Despite his carefully cultivated image of aggressiveness, unpredictability, and imperviousness to pressure, Kim has proven in the past to be highly responsive to what he regards as credible threats to his survival. In 1994, when he promised to freeze his nuclear activities, and again in the spring of 2003 when he agreed to enter what would become the Six-Party Talks, Kim apparently believed that he faced a real danger of direct U.S. military action. Today he likely calculates that the risk of attack is close to zero and, for a variety of reasons, he is probably right.
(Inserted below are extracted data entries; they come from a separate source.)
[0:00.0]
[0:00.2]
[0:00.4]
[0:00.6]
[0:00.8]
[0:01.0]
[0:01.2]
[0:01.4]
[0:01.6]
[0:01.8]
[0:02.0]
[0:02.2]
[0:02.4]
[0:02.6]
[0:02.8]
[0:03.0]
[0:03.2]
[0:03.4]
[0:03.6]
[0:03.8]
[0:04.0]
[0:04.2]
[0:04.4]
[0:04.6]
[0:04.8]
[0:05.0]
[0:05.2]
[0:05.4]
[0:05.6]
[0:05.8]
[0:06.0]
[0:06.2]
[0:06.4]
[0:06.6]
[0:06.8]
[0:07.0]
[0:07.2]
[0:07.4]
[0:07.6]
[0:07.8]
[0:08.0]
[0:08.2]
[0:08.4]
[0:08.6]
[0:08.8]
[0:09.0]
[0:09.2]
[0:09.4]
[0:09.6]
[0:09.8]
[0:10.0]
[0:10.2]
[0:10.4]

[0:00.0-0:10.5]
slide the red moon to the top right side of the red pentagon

Fortunately there are other, more subtle ways of applying serious pressure, including the use of targeted financial sanctions. A full-scale crackdown on North Korea’s drug smuggling, arms dealing, and counterfeiting, and on the network of banks and front companies that it uses to funnel money back to Pyongyang, would put a crimp in Kim Jong-Il’s lavish lifestyle. More important, it could also threaten his grip on power. Without a steady influx of dollars to pay for foreign-made medicines, cars, watches, and other luxury goods, Kim will find it much harder to buy the continued loyalty of the inner circle of military officers, security personnel, and Communist Party officials on whom his safety depends.
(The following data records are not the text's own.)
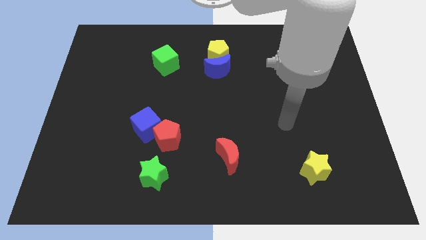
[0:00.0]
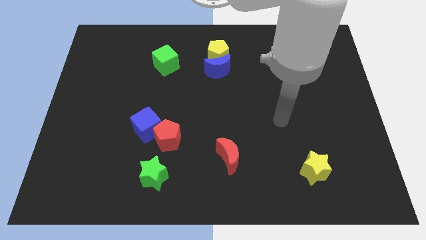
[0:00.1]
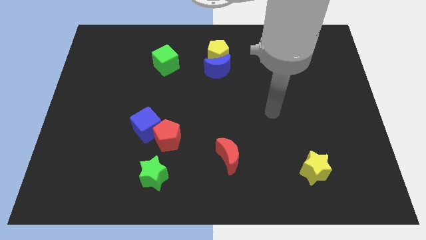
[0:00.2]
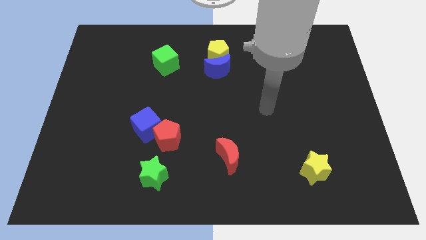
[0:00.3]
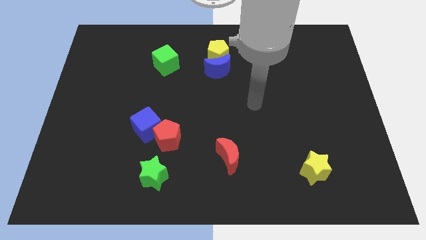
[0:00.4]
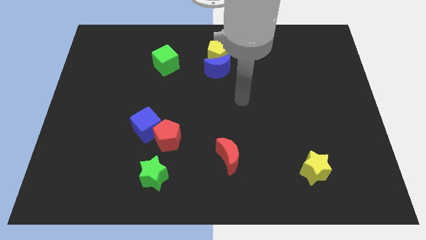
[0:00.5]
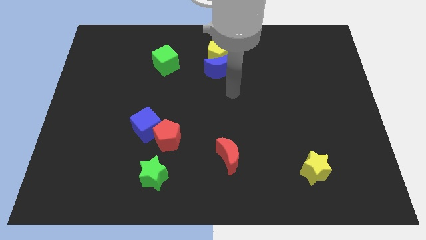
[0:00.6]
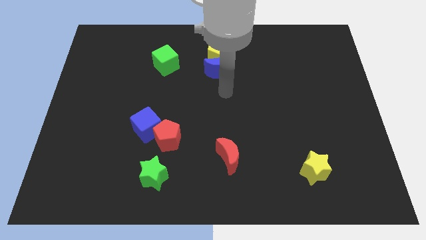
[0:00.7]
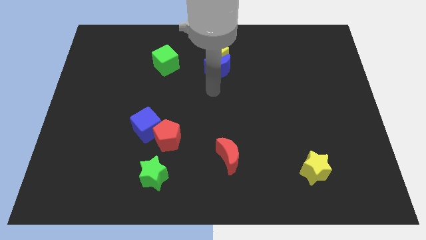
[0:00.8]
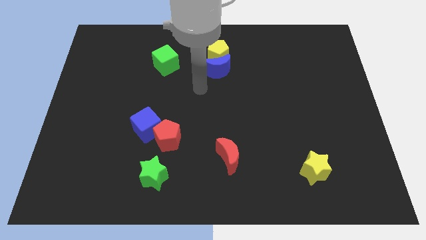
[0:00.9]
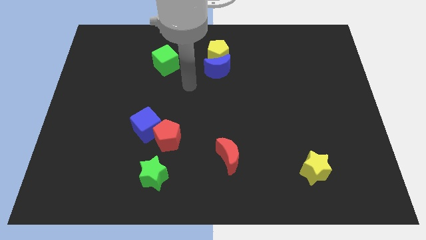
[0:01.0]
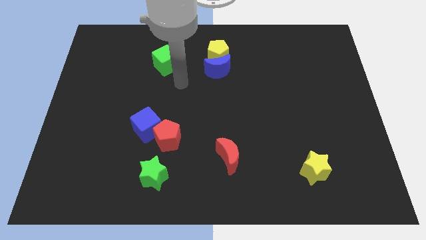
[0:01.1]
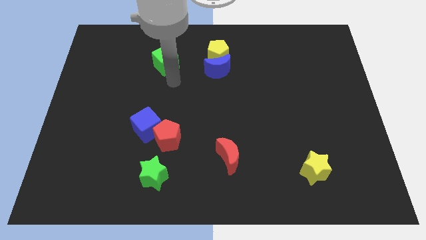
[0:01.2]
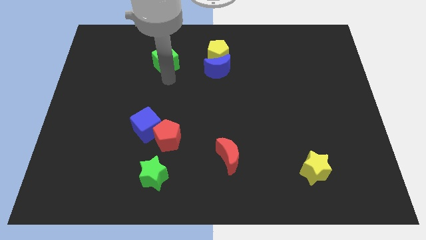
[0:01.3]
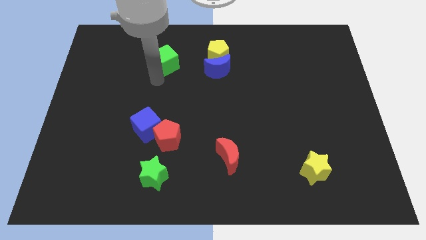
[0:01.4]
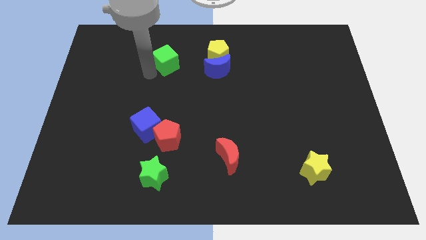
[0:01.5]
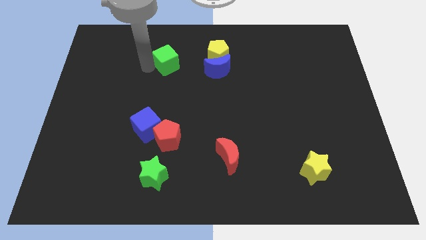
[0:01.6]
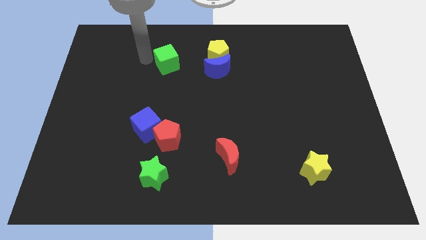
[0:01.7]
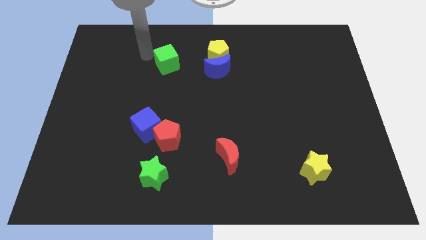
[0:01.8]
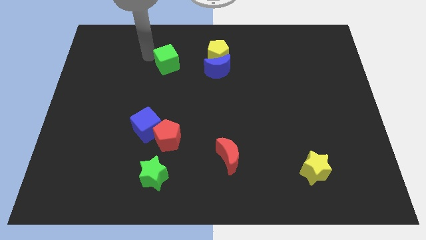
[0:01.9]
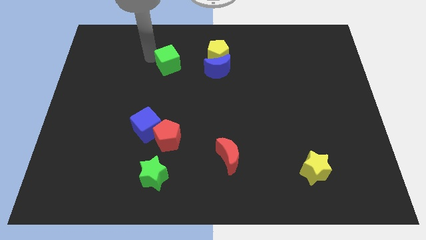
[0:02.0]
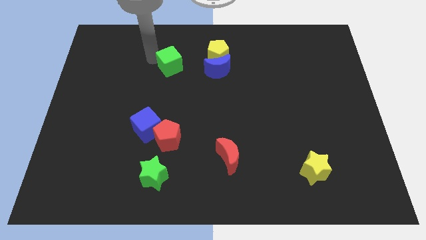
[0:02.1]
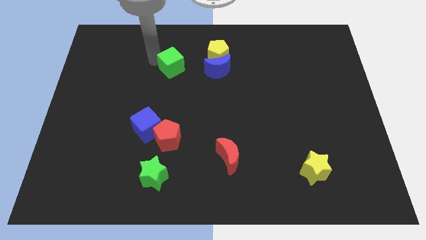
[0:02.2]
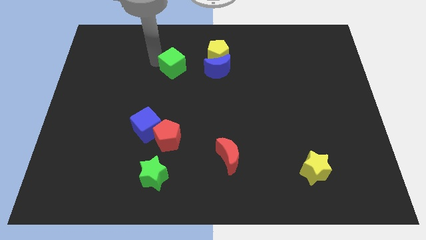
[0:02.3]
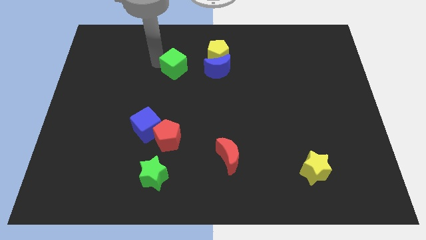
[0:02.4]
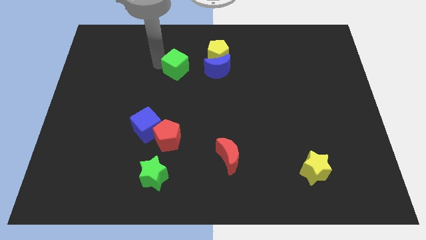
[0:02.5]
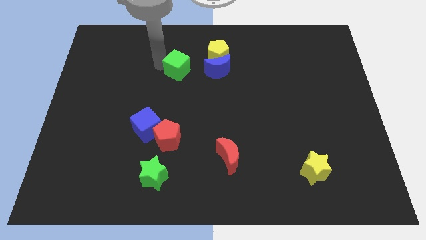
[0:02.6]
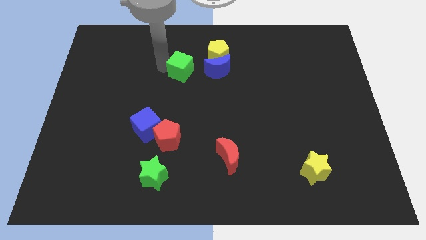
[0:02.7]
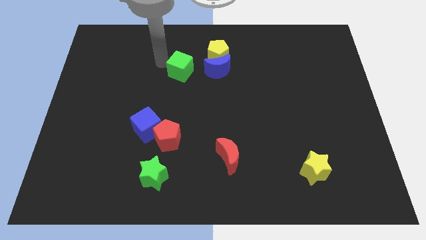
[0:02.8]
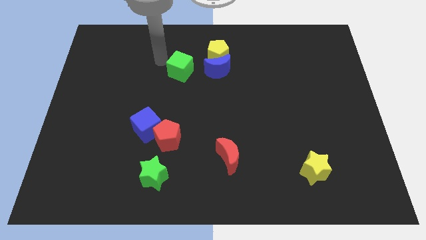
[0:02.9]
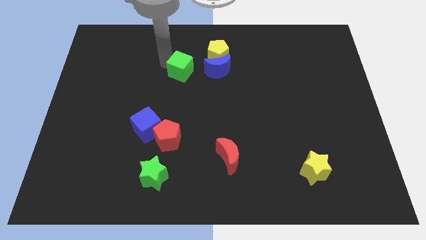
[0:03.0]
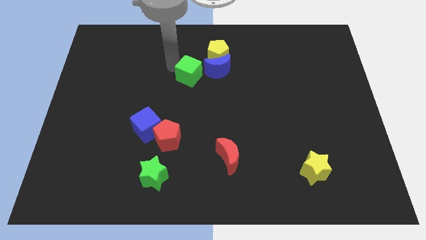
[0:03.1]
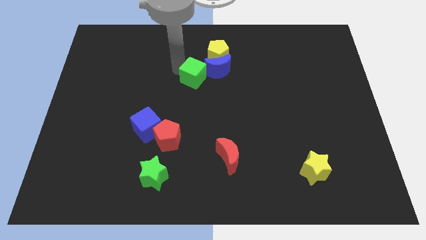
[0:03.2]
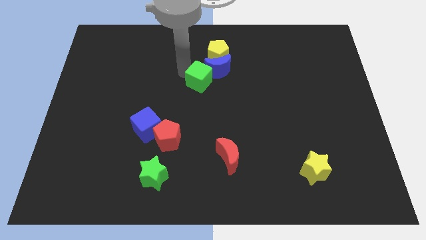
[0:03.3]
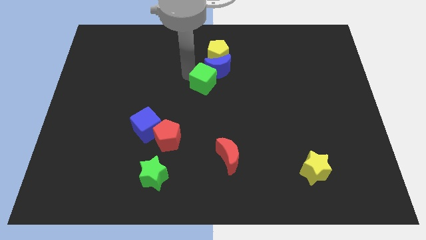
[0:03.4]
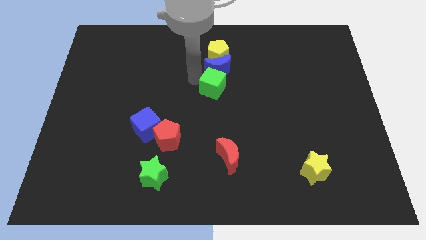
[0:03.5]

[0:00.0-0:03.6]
move the green cube to the bottom right side of the blue moon

If it hopes to achieve a satisfactory negotiated settlement to the current standoff, the United States cannot simply choose “engagement” over “coercion;” it must pursue a strategy that combines continued offers of inducements with a considerable increase in coercive pressure.
December 4, 2006
David C. Kang
Almost all observers—whether they favor the broad strategies of engagement or containment—agree on the basic goals of any approach to North Korea: at a minimum the abolition of the North’s nuclear program, at best a complete change of regime behavior or even the regime itself. Their disagreement lies in which strategy best reaches these goals. Furthermore, the basic contours of any deal over North Korea’s nuclear program are well-known: The North abandons its nuclear program in exchange for U.S. security guarantees and normalization of ties. Indeed, this was the core of an “agreement in principle” reached during the Six-Party Talks in 2005.
However, the 2005 “agreement in principle” almost immediately fell victim to issues of implementation: the United States wants the North to make major steps toward dismantling its programs first, while the North wants demonstrated commitment by the United States first. Both sides mistrust each other so much that they are unwilling to make the first move.
Some believe that more pressure is the solution. However, sanctions or other coercive actions (even if China and South Korea go along with these measures) are unlikely to change North Korean behavior. Indeed, the United States needs to decide whether coercion is helping contain and resolve the North Korean nuclear threat, or whether it is in fact exacerbating that threat by prompting a response from North Korea. As is the case with most countries, North Korea has historically met external pressure with pressure of its own. Some believe that coercion will eventually cause the North to capitulate. Unfortunately, past history reveals that this appears unlikely. There is little reason to think that applying even more pressure on North Korea will finally result in a deescalation of tension.
Alternatively, a strategy of economic engagement that addresses North Korean security concerns while saturating North Korean citizens with capitalist ideas is the best strategy for the United States to pursue: It is transformative, gradual, and peaceful. Capitalism is a powerful force, and when it is unleashed, it is very difficult to turn it back. Give North Koreans a taste of economic freedoms and outside ideas and the next generation will view their own leadership and the world in different terms. Economic transformation is also the most likely strategy to help North Korean citizens: Our quarrel is not with the people of North Korea—they are the victims of a brutal and repressive regime.